= EHI Retail Institute =

German research and educational institute for the retail industry

The EHI Retail Institute e. V. (EHI) is a research and educational institute for the retail industry and its partners based in Cologne, Germany. The EHI is supported by retail companies and trade associations and sponsored by manufacturers of consumer and capital goods. The EHI network has around 770 members worldwide. In addition, the EHI is the founder and conceptual partner of EuroShop, an international trade fair for retail investment goods.

== History ==
The EHI as it is known today emerged as the German Retail Institute (DHI) in 1989 from the merger of the former retail institutes ISB (Institute for Self-Service and Retail Management, founded in 1957) and RGH (Rationalisation Association of the Retail Trade, founded in 1951). In 1993, the institute was renamed EHI (EuroHandelsinstitut), and in 2006, EHI Retail Institute.

In 1967, the RGH created the basis for uniform item numbering (BAN), the predecessor of the EAN numbers. The BAN-L centre within RGH, founded in 1969, became the Centrale für Coorganisation in 1974, which has been called GS1 Germany since 2005. EHI has a 50% stake in GS1 Germany.

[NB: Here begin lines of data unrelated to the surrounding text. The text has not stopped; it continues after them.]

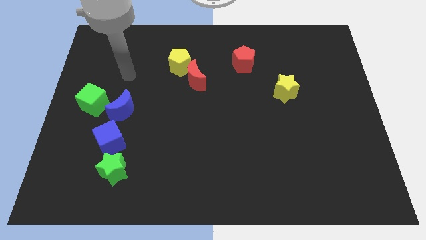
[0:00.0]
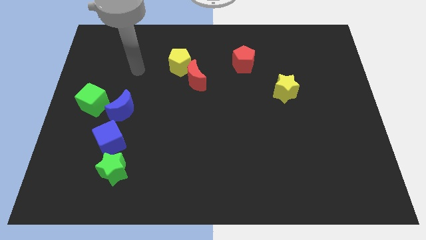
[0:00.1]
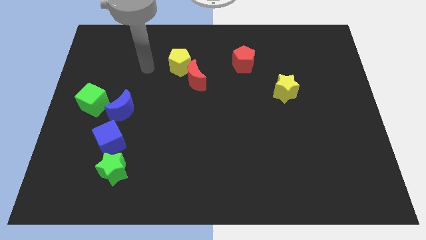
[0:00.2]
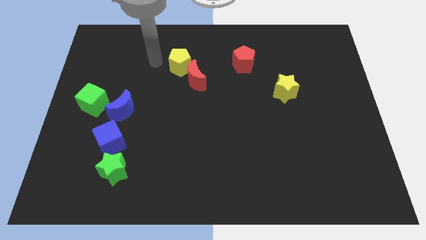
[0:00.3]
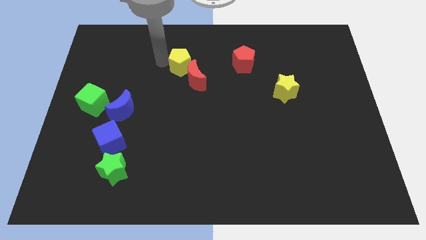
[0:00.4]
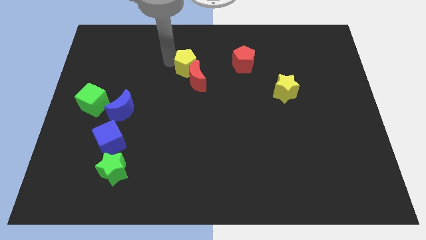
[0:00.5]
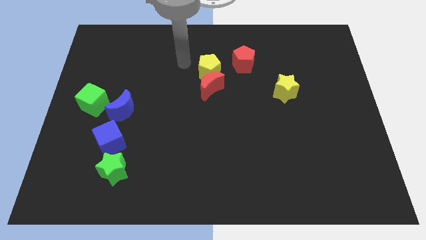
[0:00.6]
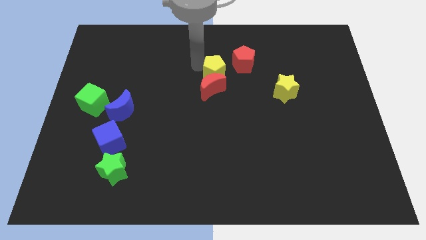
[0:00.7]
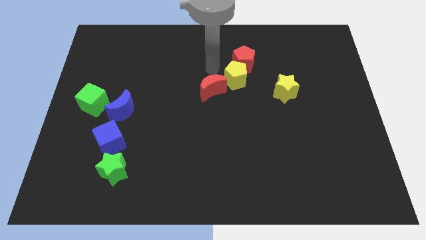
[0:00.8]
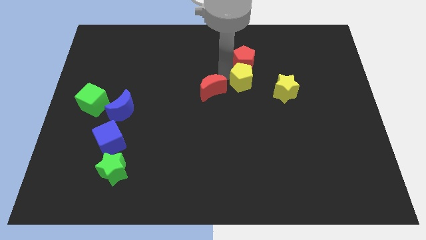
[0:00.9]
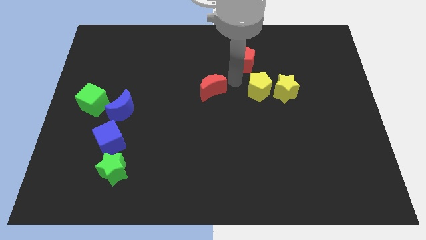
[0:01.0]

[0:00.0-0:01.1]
separate the red moon from the yellow pentagon

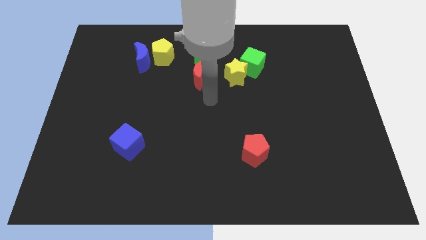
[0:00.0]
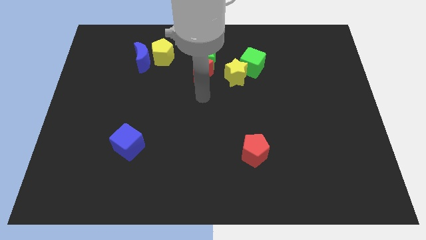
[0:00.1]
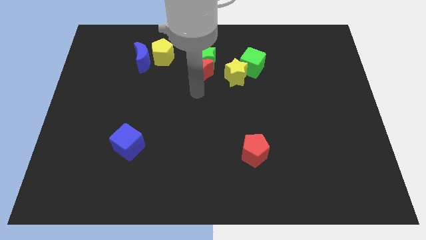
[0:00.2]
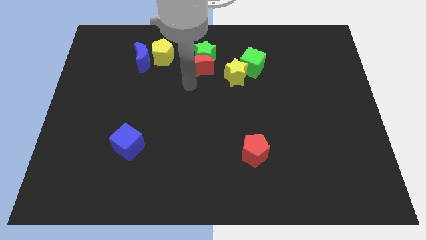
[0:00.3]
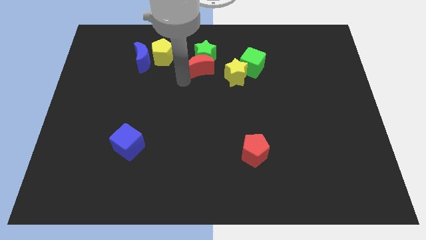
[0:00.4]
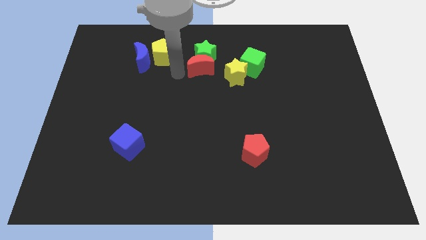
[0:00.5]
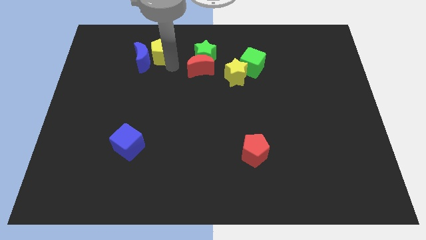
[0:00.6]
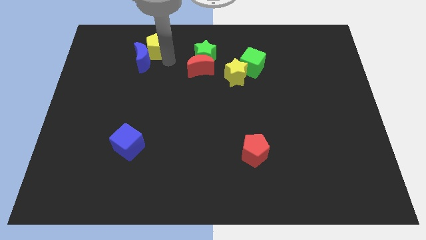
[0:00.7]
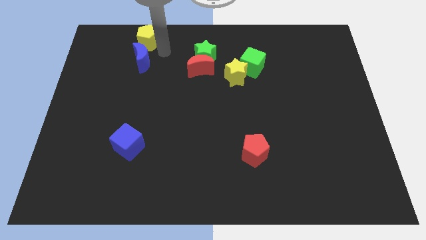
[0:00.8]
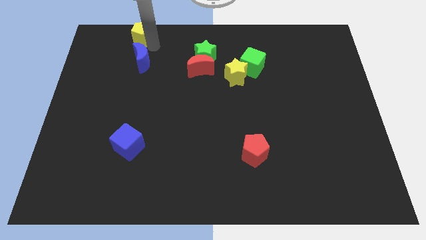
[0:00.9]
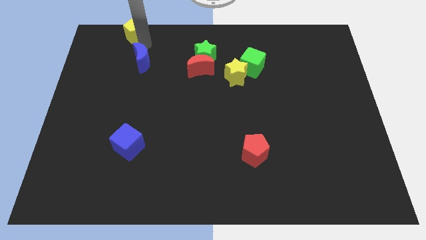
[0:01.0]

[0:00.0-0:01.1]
separate the blue moon from the yellow pentagon

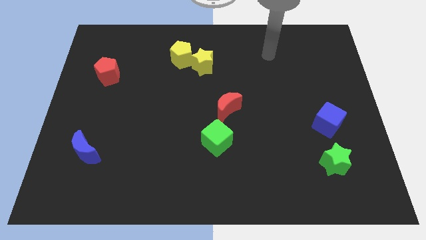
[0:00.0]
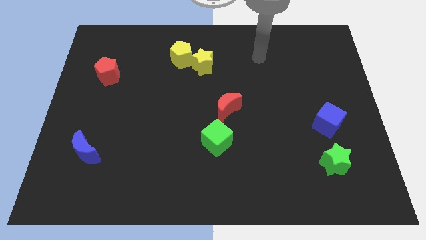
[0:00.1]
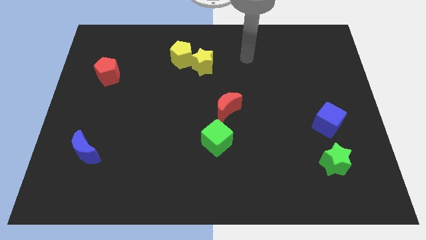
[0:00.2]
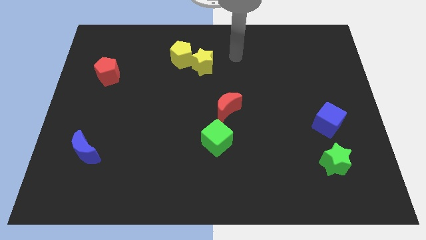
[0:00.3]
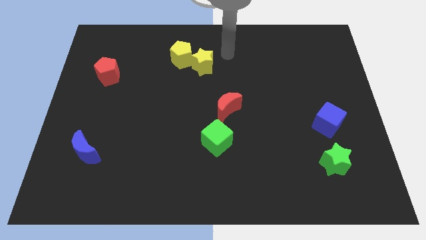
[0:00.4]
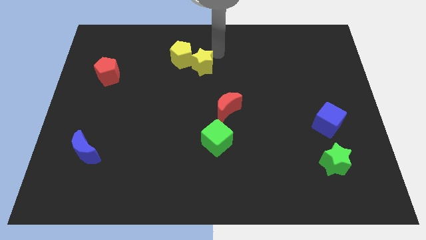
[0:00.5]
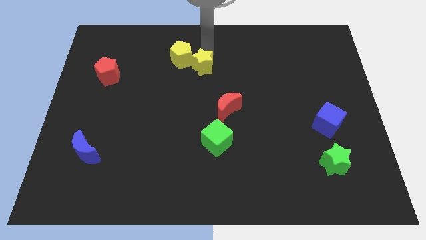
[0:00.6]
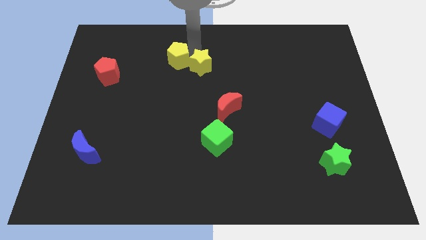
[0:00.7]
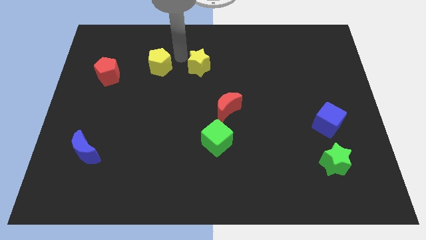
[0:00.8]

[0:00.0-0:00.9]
separate the yellow star from the yellow pentagon

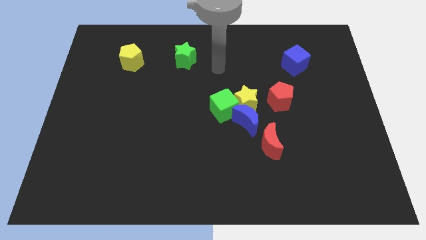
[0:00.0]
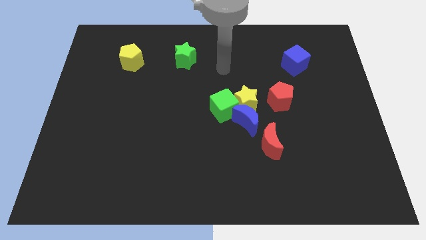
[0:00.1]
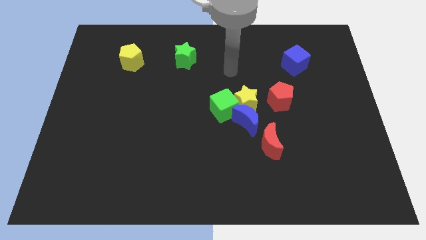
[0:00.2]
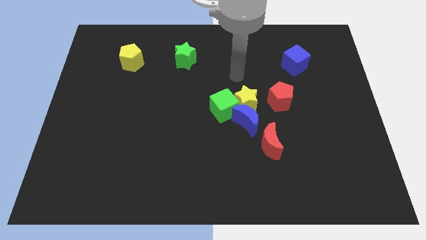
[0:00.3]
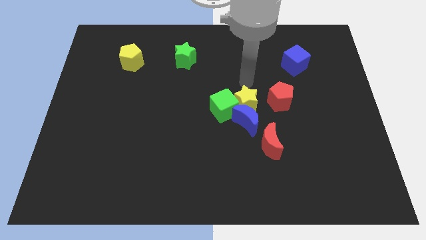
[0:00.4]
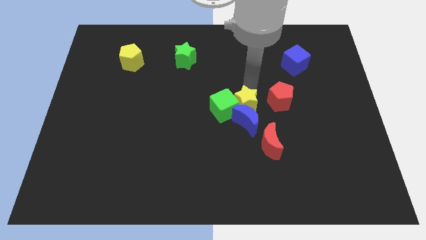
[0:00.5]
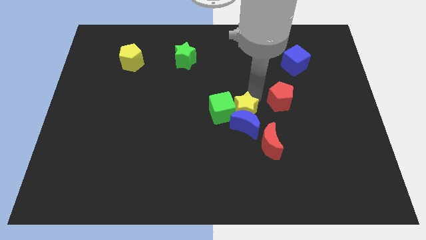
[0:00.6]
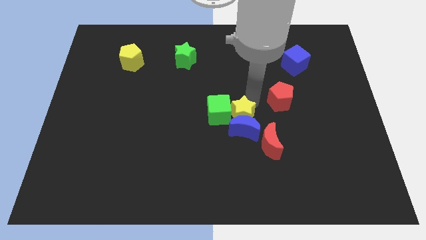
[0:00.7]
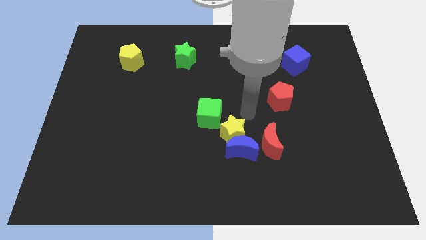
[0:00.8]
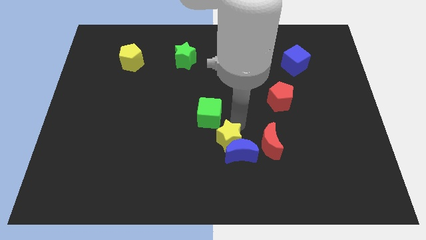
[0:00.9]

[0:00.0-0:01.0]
pull the green cube apart from the yellow star and blue moon

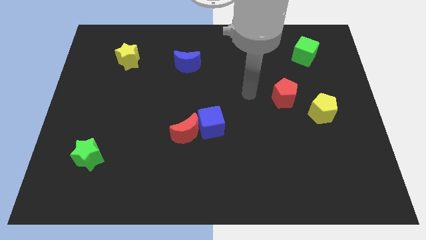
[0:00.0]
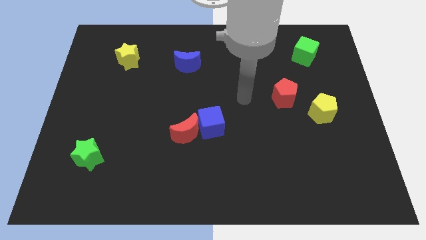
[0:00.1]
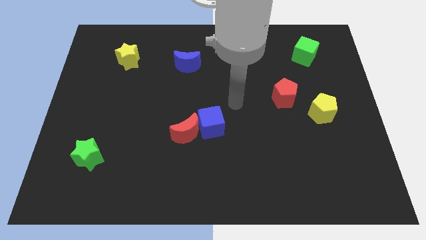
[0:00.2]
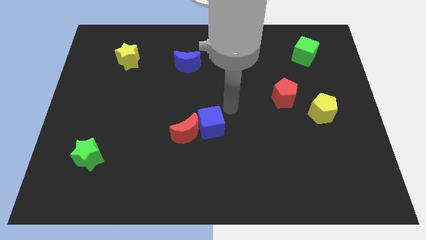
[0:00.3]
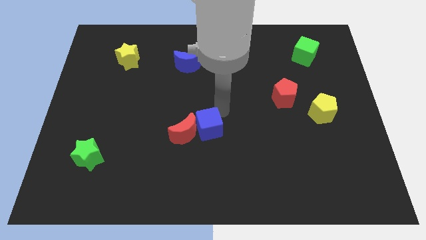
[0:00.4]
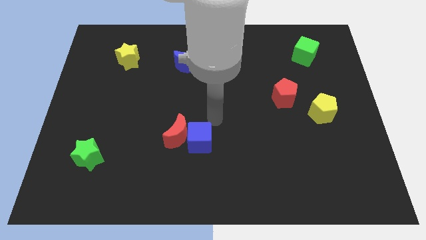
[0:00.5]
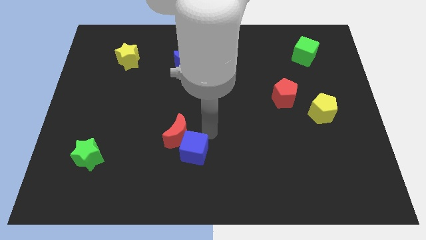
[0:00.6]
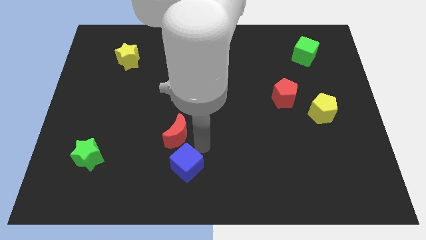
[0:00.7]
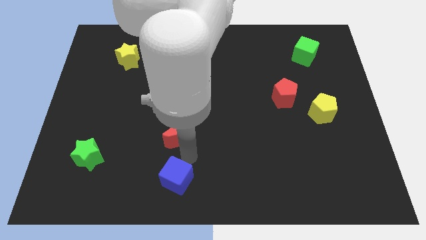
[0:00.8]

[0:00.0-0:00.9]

Since 1999, the association has been certifying online shops with the EHI seal of quality. Internet retailers that are allowed to use the EHI seal of quality meet standards of respectability, data protection and data security and undergo an annual review.

In 2001, Foodplus GmbH, in which EHI has a 100% stake, emerged from one of EHI's business units.

In February 2006, Götz W. Werner took over the presidency of EHI. Kurt Jox became his successor in 2018. Jox, who retired from his last position as CEO of Tessner Holding, was succeeded in November 2021 by Markus Tkotz, CEO of Markant AG, for a term of three years.

In 2018, the mobile payment initiative was founded together with various market players.

== Research priorities ==

- Trade structures
- Retail, real estate and expansion
- Technology
- Shop planning and shop fitting
- Logistics and packaging
- E-commerce
- Marketing/CRM
- Security
- Public relations
- Climate and Energy

== Awards ==
Since 2008, EHI and GS1 have been awarding the Science Award, worth a total of €40,000, for excellent scientific work and cooperation projects that are highly relevant for the retail industry and cooperation partners along the value chain. Since 2008, the institute has also been presenting the Retail Technology Awards (reta awards) for the best technology solutions in retail and the Retail Design Awards for the most convincing store concepts. The three prizes are awarded at the Euroshop trade fair.